One of the most important steps in any machine learning project is the gathering, preparation, and cleaning of the data. Data is the backbone to your project and by spending the time and resources on this initial step you'll be better positioned for success.

There are many times when the data ends up being the most critical piece of a project, even outweighing your choice of algorithm as seen below.Figure 1. Learning curves for confusion set disambiguation. How_to_prepare_data_for_machine_learning_Banko_Brill

The figure comes from the research paper Scaling to Very Very Large Corpora for Natural Language Disambiguation published by Michele Banko and Eric Brill, which demonstrates different algorithms and their accuracy as the amount of data increases.

In nearly all cases, as the size of the data increases the test accuracy starts to converge. This is an interesting observation in that the more data that is provided the less advanced your algorithm needs to be to provide comparable results.

This could influence your decision on spending more time collecting data rather than improving your algorithm. Let's go over some of the steps required to create a quality data set.

 

Collecting raw data

Data collection doesn't always get the attention that it deserves, but it's the first step to ensuring you have a performant algorithm. A general rule of thumb is that a simple model on a large data set will perform better than a more advanced model on a small data set.

Data set sizes vary wildly depending on your application and you might have a project requiring anywhere from a few hundred to a few billion examples. A simple reminder though is that the more quality data that you have, the better your model will perform.

 

Formatting data

"Garbage in, garbage out" describes that nonsensical data coming into your project will result in nonsensical data coming out. Depending on where your data is coming from it might need additional formatting and standardizing. A great, large data set can be rendered powerless with incorrectly formatted data. This is particularly of interest when you're aggregating data from multiple sources.

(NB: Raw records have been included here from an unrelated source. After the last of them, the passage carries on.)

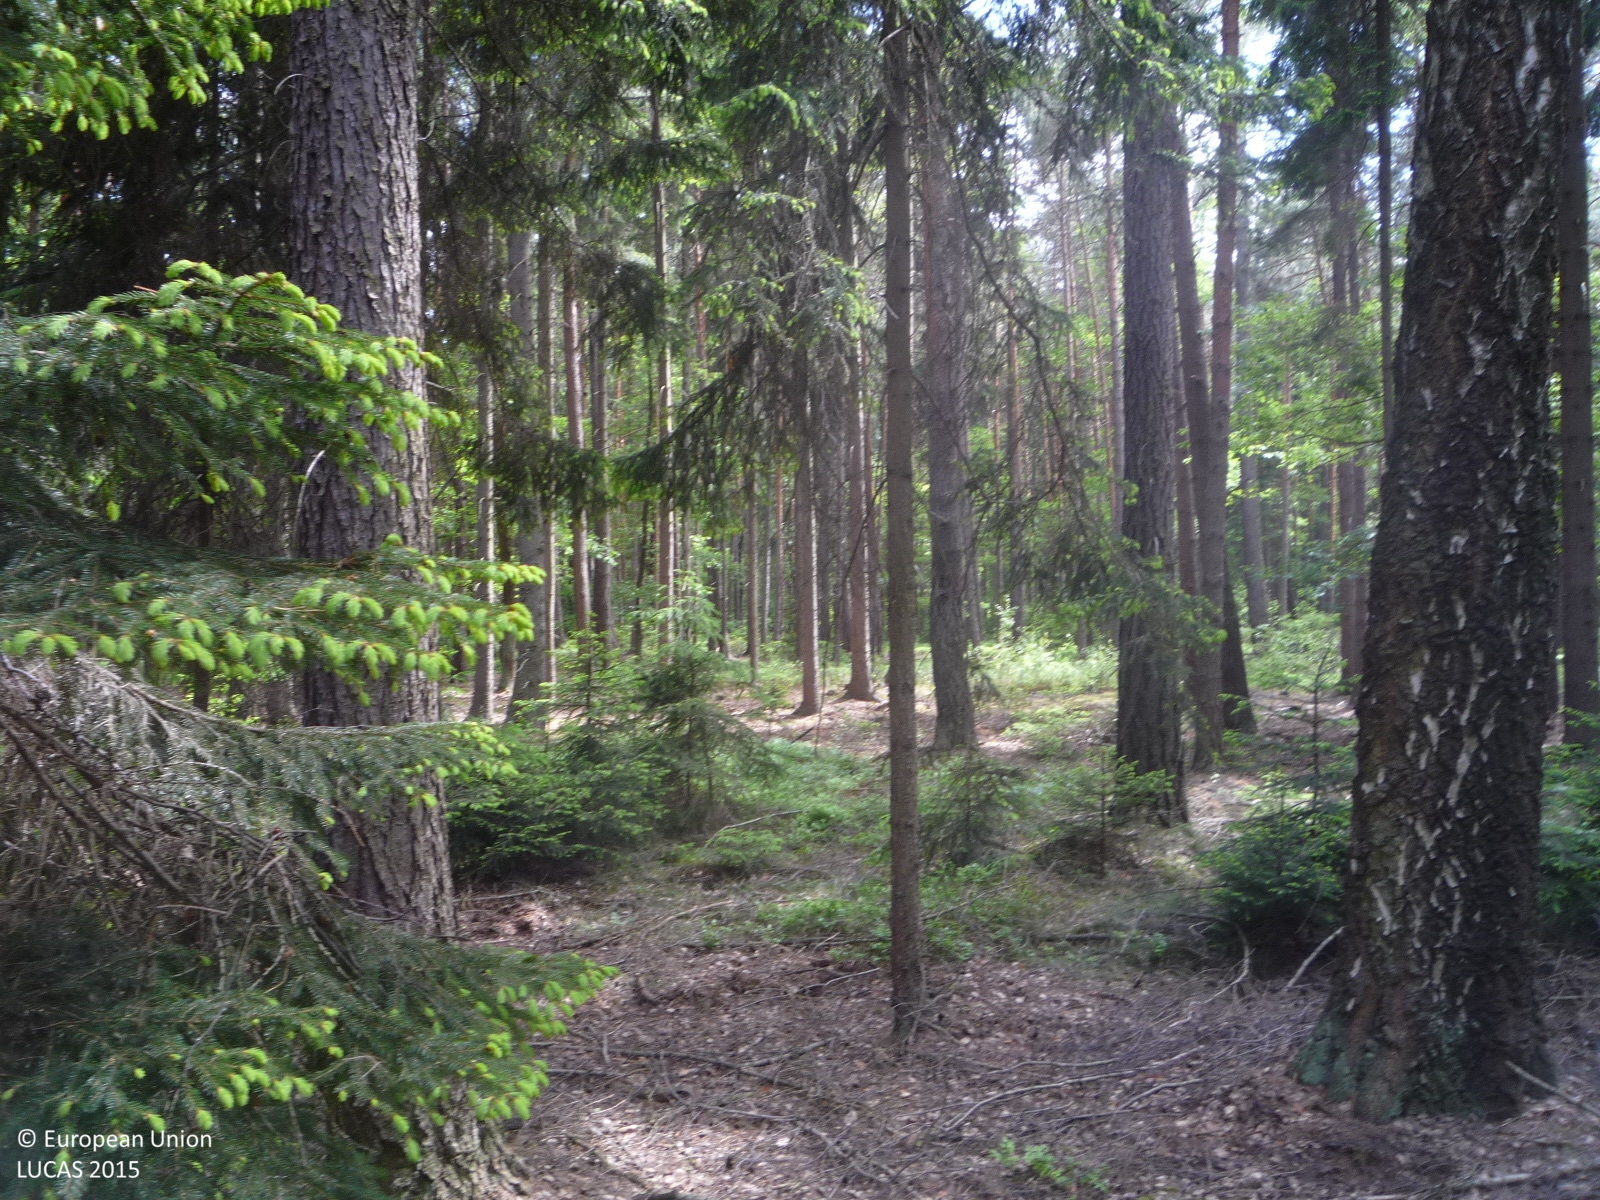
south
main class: Woodland
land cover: Pine dominated coniferous woodland
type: hemiboreal forest and nemoral coniferous forest and mixed broadleaved-coniferous forest
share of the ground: > 75 %
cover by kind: coniferous forest trees 90 %, broadleaved forest trees 10 %
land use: Forestry
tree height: > 5 m
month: June
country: CZ
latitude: 50.2450
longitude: 13.8570

As an example, let's think about two data sets that relate to houses. One set of data might include a single column with a home buyer's name while another may include individual columns for their first and last names. Each set contains correct and valuable data but your algorithm won't be able to work with it in that state.

Other scenarios might include the feature data itself being formatted differently; phones numbers including spaces versus hyphens or two addresses being formatted differently. These are all examples that need to be taken into account to improve the quality and reliability of your data set.

 

Quality data

Having a formatted data set is a requirement to having a successful model, but the quality of that data is essential. This isn't always easy to recognize and may require several iterations before you're confident in the resulting data.

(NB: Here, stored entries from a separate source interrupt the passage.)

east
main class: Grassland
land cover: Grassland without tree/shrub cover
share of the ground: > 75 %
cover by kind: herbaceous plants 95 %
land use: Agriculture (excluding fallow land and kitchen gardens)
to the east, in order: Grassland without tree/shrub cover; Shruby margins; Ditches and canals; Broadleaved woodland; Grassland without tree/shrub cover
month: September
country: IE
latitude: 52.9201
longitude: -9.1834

In many cases the labeled data set was labeled by a human and may contain errors. Someone may forget to add a digit when labeling a house's price or duplicate a home's listing. Feature outliers are another potential loss of quality. These can be very situational and depending on your needs, a threshold for removal may vary.

Again, using the example of housing, suppose there are a thousand homes in a data set all ranging in price from $200 to $400 thousand dollars and there are three houses worth over one million dollars. Should these outliers be included in your data set? The answer is, it depends. Choose the data set that gives the best results for the problem that you're attempting to solve.

 

Splitting data

Now that our data is properly formatted, we've ensured the quality, and we have all our relevant features we're ready to split the data. This is done so that we have two sets of data to work with.

One set is for training our model while the other is for testing. The standard for splitting data isn't a direct 50 / 50 split but rather an 80 / 20 split where 80% is used to train your model while 20% is used for testing and evaluation.

Now that you know what percentage of your data should fit into each category, how do you know which data goes where? A good starting place is usually by splitting the data randomly. This doesn't work well for all situations though and often requires additional changes based on your situation.

 

Learn more about data preparation

This has been a brief overview of preparing data for creating great machine learning models. There are many suggestions and places to start, but as you've probably noticed, the details may change with each project.

Having a quality data set is an essential first step to ensuring your machine learning project runs smoothly.

What tools do you use to prepare and work with your data? Quest Software offers many solutions to help you experience higher productivity, better collaboration and enhanced efficiency. Learn more about how our different products can help with that initial step of data preparation and help you complete your data preparation tasks up to 50% faster.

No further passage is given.